→ Problem description: For the data below, give again exactly the lines from the one containing "#144=LINE('',#917,#176);" through the one containing "#218=CIRCLE('',#630,4.5);", both ends included, and no others.

→ Listed entries:
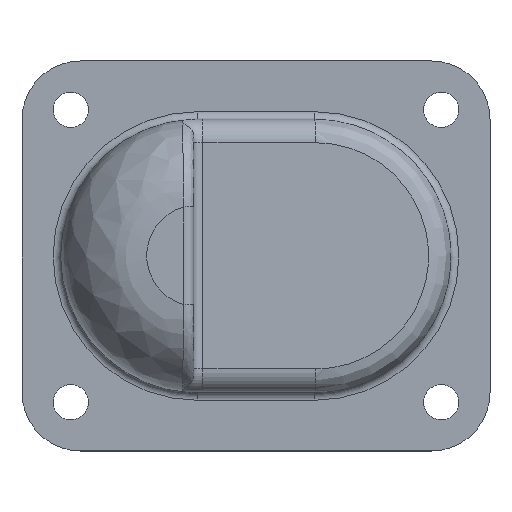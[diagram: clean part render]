
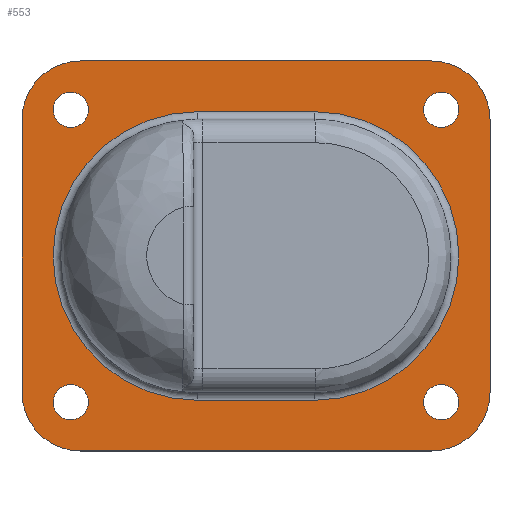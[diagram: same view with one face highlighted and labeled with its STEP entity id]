
A CAD part, top view. The second image highlights one B-rep face of the part: STEP entity #553.
In plain terms, the highlighted planar face has unit normal (0, 0, 1).
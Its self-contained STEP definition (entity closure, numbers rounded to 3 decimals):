
#57=FACE_BOUND('',#104,.T.);
#58=FACE_BOUND('',#105,.T.);
#59=FACE_BOUND('',#106,.T.);
#60=FACE_BOUND('',#107,.T.);
#61=FACE_BOUND('',#108,.T.);
#69=FACE_OUTER_BOUND('',#103,.T.);
#103=EDGE_LOOP('',(#430,#431,#432,#433,#434,#435,#436,#437));
#104=EDGE_LOOP('',(#438));
#105=EDGE_LOOP('',(#439));
#106=EDGE_LOOP('',(#440));
#107=EDGE_LOOP('',(#441));
#108=EDGE_LOOP('',(#442,#443,#444,#445));
#136=LINE('',#869,#168);
#139=LINE('',#887,#171);
#144=LINE('',#917,#176);
#145=LINE('',#921,#177);
#146=LINE('',#925,#178);
#147=LINE('',#929,#179);
#168=VECTOR('',#698,10.);
#171=VECTOR('',#721,10.);
#176=VECTOR('',#736,10.);
#177=VECTOR('',#739,10.);
#178=VECTOR('',#742,10.);
#179=VECTOR('',#745,10.);
#207=CIRCLE('',#614,37.);
#211=CIRCLE('',#619,37.);
#214=CIRCLE('',#626,15.);
#215=CIRCLE('',#627,15.);
#216=CIRCLE('',#628,15.);
#217=CIRCLE('',#629,15.);
#218=CIRCLE('',#630,4.5);
#219=CIRCLE('',#631,4.5);
#220=CIRCLE('',#632,4.5);
#221=CIRCLE('',#633,4.5);
#251=VERTEX_POINT('',#866);
#252=VERTEX_POINT('',#868);
#255=VERTEX_POINT('',#875);
#256=VERTEX_POINT('',#880);
#264=VERTEX_POINT('',#915);
#265=VERTEX_POINT('',#916);
#266=VERTEX_POINT('',#918);
#267=VERTEX_POINT('',#920);
#268=VERTEX_POINT('',#922);
#269=VERTEX_POINT('',#924);
#270=VERTEX_POINT('',#926);
#271=VERTEX_POINT('',#928);
#272=VERTEX_POINT('',#931);
#273=VERTEX_POINT('',#933);
#274=VERTEX_POINT('',#935);
#275=VERTEX_POINT('',#937);
#315=EDGE_CURVE('',#251,#252,#136,.T.);
#319=EDGE_CURVE('',#255,#251,#207,.T.);
#323=EDGE_CURVE('',#252,#256,#211,.T.);
#325=EDGE_CURVE('',#256,#255,#139,.T.);
#334=EDGE_CURVE('',#264,#265,#144,.T.);
#335=EDGE_CURVE('',#266,#264,#214,.T.);
#336=EDGE_CURVE('',#267,#266,#145,.T.);
#337=EDGE_CURVE('',#268,#267,#215,.T.);
#338=EDGE_CURVE('',#269,#268,#146,.T.);
#339=EDGE_CURVE('',#270,#269,#216,.T.);
#340=EDGE_CURVE('',#271,#270,#147,.T.);
#341=EDGE_CURVE('',#265,#271,#217,.T.);
#342=EDGE_CURVE('',#272,#272,#218,.T.);
#343=EDGE_CURVE('',#273,#273,#219,.T.);
#344=EDGE_CURVE('',#274,#274,#220,.T.);
#345=EDGE_CURVE('',#275,#275,#221,.T.);
#430=ORIENTED_EDGE('',*,*,#334,.F.);
#431=ORIENTED_EDGE('',*,*,#335,.F.);
#432=ORIENTED_EDGE('',*,*,#336,.F.);
#433=ORIENTED_EDGE('',*,*,#337,.F.);
#434=ORIENTED_EDGE('',*,*,#338,.F.);
#435=ORIENTED_EDGE('',*,*,#339,.F.);
#436=ORIENTED_EDGE('',*,*,#340,.F.);
#437=ORIENTED_EDGE('',*,*,#341,.F.);
#438=ORIENTED_EDGE('',*,*,#342,.T.);
#439=ORIENTED_EDGE('',*,*,#343,.T.);
#440=ORIENTED_EDGE('',*,*,#344,.T.);
#441=ORIENTED_EDGE('',*,*,#345,.T.);
#442=ORIENTED_EDGE('',*,*,#315,.F.);
#443=ORIENTED_EDGE('',*,*,#319,.F.);
#444=ORIENTED_EDGE('',*,*,#325,.F.);
#445=ORIENTED_EDGE('',*,*,#323,.F.);
#541=PLANE('',#625);
#553=ADVANCED_FACE('',(#69,#57,#58,#59,#60,#61),#541,.T.);
#614=AXIS2_PLACEMENT_3D('',#877,#706,#707);
#619=AXIS2_PLACEMENT_3D('',#884,#716,#717);
#625=AXIS2_PLACEMENT_3D('',#914,#734,#735);
#626=AXIS2_PLACEMENT_3D('',#919,#737,#738);
#627=AXIS2_PLACEMENT_3D('',#923,#740,#741);
#628=AXIS2_PLACEMENT_3D('',#927,#743,#744);
#629=AXIS2_PLACEMENT_3D('',#930,#746,#747);
#630=AXIS2_PLACEMENT_3D('',#932,#748,#749);
#631=AXIS2_PLACEMENT_3D('',#934,#750,#751);
#632=AXIS2_PLACEMENT_3D('',#936,#752,#753);
#633=AXIS2_PLACEMENT_3D('',#938,#754,#755);
#698=DIRECTION('',(1.,0.,0.));
#706=DIRECTION('center_axis',(0.,0.,1.));
#707=DIRECTION('ref_axis',(-1.,0.,0.));
#716=DIRECTION('center_axis',(0.,0.,1.));
#717=DIRECTION('ref_axis',(1.,0.,0.));
#721=DIRECTION('',(-1.,0.,0.));
#734=DIRECTION('center_axis',(0.,0.,1.));
#735=DIRECTION('ref_axis',(1.,0.,0.));
#736=DIRECTION('',(0.,1.,0.));
#737=DIRECTION('center_axis',(0.,0.,-1.));
#738=DIRECTION('ref_axis',(1.,0.,0.));
#739=DIRECTION('',(-1.,0.,0.));
#740=DIRECTION('center_axis',(0.,0.,-1.));
#741=DIRECTION('ref_axis',(0.,1.,0.));
#742=DIRECTION('',(0.,-1.,0.));
#743=DIRECTION('center_axis',(0.,0.,-1.));
#744=DIRECTION('ref_axis',(-1.,0.,0.));
#745=DIRECTION('',(1.,0.,0.));
#746=DIRECTION('center_axis',(0.,0.,-1.));
#747=DIRECTION('ref_axis',(0.,-1.,0.));
#748=DIRECTION('center_axis',(0.,0.,-1.));
#749=DIRECTION('ref_axis',(-1.,0.,0.));
#750=DIRECTION('center_axis',(0.,0.,-1.));
#751=DIRECTION('ref_axis',(-1.,0.,0.));
#752=DIRECTION('center_axis',(0.,0.,-1.));
#753=DIRECTION('ref_axis',(-1.,0.,0.));
#754=DIRECTION('center_axis',(0.,0.,-1.));
#755=DIRECTION('ref_axis',(-1.,0.,0.));
#866=CARTESIAN_POINT('',(-15.,-37.,2.));
#868=CARTESIAN_POINT('',(15.,-37.,2.));
#869=CARTESIAN_POINT('',(7.5,-37.,2.));
#875=CARTESIAN_POINT('',(-15.,37.,2.));
#877=CARTESIAN_POINT('Origin',(-15.,0.,2.));
#880=CARTESIAN_POINT('',(15.,37.,2.));
#884=CARTESIAN_POINT('Origin',(15.,0.,2.));
#887=CARTESIAN_POINT('',(-7.5,37.,2.));
#914=CARTESIAN_POINT('Origin',(0.,0.,
2.));
#915=CARTESIAN_POINT('',(-60.,-35.,2.));
#916=CARTESIAN_POINT('',(-60.,35.,2.));
#917=CARTESIAN_POINT('',(-60.,-35.,2.));
#918=CARTESIAN_POINT('',(-45.,-50.,2.));
#919=CARTESIAN_POINT('Origin',(-45.,-35.,2.));
#920=CARTESIAN_POINT('',(45.,-50.,2.));
#921=CARTESIAN_POINT('',(45.,-50.,2.));
#922=CARTESIAN_POINT('',(60.,-35.,2.));
#923=CARTESIAN_POINT('Origin',(45.,-35.,2.));
#924=CARTESIAN_POINT('',(60.,35.,2.));
#925=CARTESIAN_POINT('',(60.,35.,2.));
#926=CARTESIAN_POINT('',(45.,50.,2.));
#927=CARTESIAN_POINT('Origin',(45.,35.,2.));
#928=CARTESIAN_POINT('',(-45.,50.,2.));
#929=CARTESIAN_POINT('',(-45.,50.,2.));
#930=CARTESIAN_POINT('Origin',(-45.,35.,2.));
#931=CARTESIAN_POINT('',(-43.,-37.5,2.));
#932=CARTESIAN_POINT('Origin',(-47.5,-37.5,2.));
#933=CARTESIAN_POINT('',(52.,-37.5,2.));
#934=CARTESIAN_POINT('Origin',(47.5,-37.5,2.));
#935=CARTESIAN_POINT('',(52.,37.5,2.));
#936=CARTESIAN_POINT('Origin',(47.5,37.5,2.));
#937=CARTESIAN_POINT('',(-43.,37.5,2.));
#938=CARTESIAN_POINT('Origin',(-47.5,37.5,2.));
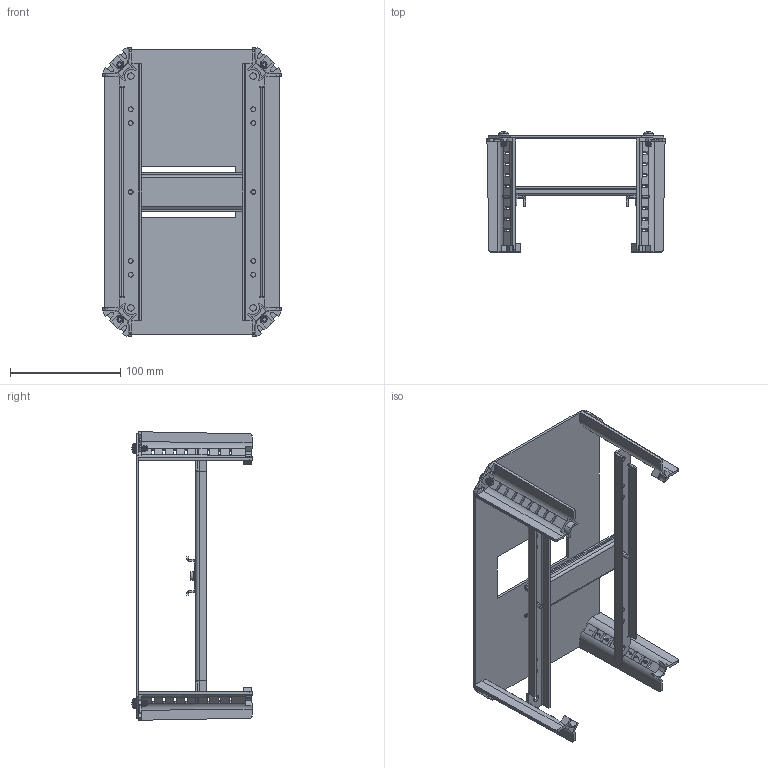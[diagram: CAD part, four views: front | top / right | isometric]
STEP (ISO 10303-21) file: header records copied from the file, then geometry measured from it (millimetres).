
FILE_DESCRIPTION (( 'STEP AP214' ), '1' );
FILE_NAME ('DRS ARCA 302015.STEP', '2013-11-25T12:20:42', ( '' ), ( '' ), 'SwSTEP 2.0', 'SolidWorks 2013', '' );
FILE_SCHEMA (( 'AUTOMOTIVE_DESIGN' ));
Length unit declared in the file: millimetre
Products named in the file (7): DRS ARCA 302015; SB ARCA 30; PT5x10; CB ARCA 15; M4x10 Thread forming PZ; FCX DIN Rail 200; 12742
Assembly tree (14 placements, depth 2):
  DRS ARCA 302015
    12742
    FCX DIN Rail 200
    M4x10 Thread forming PZ  x2
    CB ARCA 15  x4
    PT5x10  x4
    SB ARCA 30  x2
Bounding box: 161.48 x 108.89 x 261.48 mm (x, y, z)
Volume: 159268.5 mm3; surface area: 160907.9 mm2
Topology: 14 solids, 14 shells, 1317 faces, 3635 edges, 2394 vertices
Faces by surface type: plane 714, bspline 224, cylinder 187, cone 160, torus 24, sphere 8
Entity records: 18006 total; most frequent: CARTESIAN_POINT 7359, ORIENTED_EDGE 2288, DIRECTION 1929, EDGE_CURVE 1144, VERTEX_POINT 744, LINE 687, VECTOR 687, AXIS2_PLACEMENT_3D 621

→ Exercise result:
#144=LINE('',#917,#176);
#145=LINE('',#921,#177);
#146=LINE('',#925,#178);
#147=LINE('',#929,#179);
#168=VECTOR('',#698,10.);
#171=VECTOR('',#721,10.);
#176=VECTOR('',#736,10.);
#177=VECTOR('',#739,10.);
#178=VECTOR('',#742,10.);
#179=VECTOR('',#745,10.);
#207=CIRCLE('',#614,37.);
#211=CIRCLE('',#619,37.);
#214=CIRCLE('',#626,15.);
#215=CIRCLE('',#627,15.);
#216=CIRCLE('',#628,15.);
#217=CIRCLE('',#629,15.);
#218=CIRCLE('',#630,4.5);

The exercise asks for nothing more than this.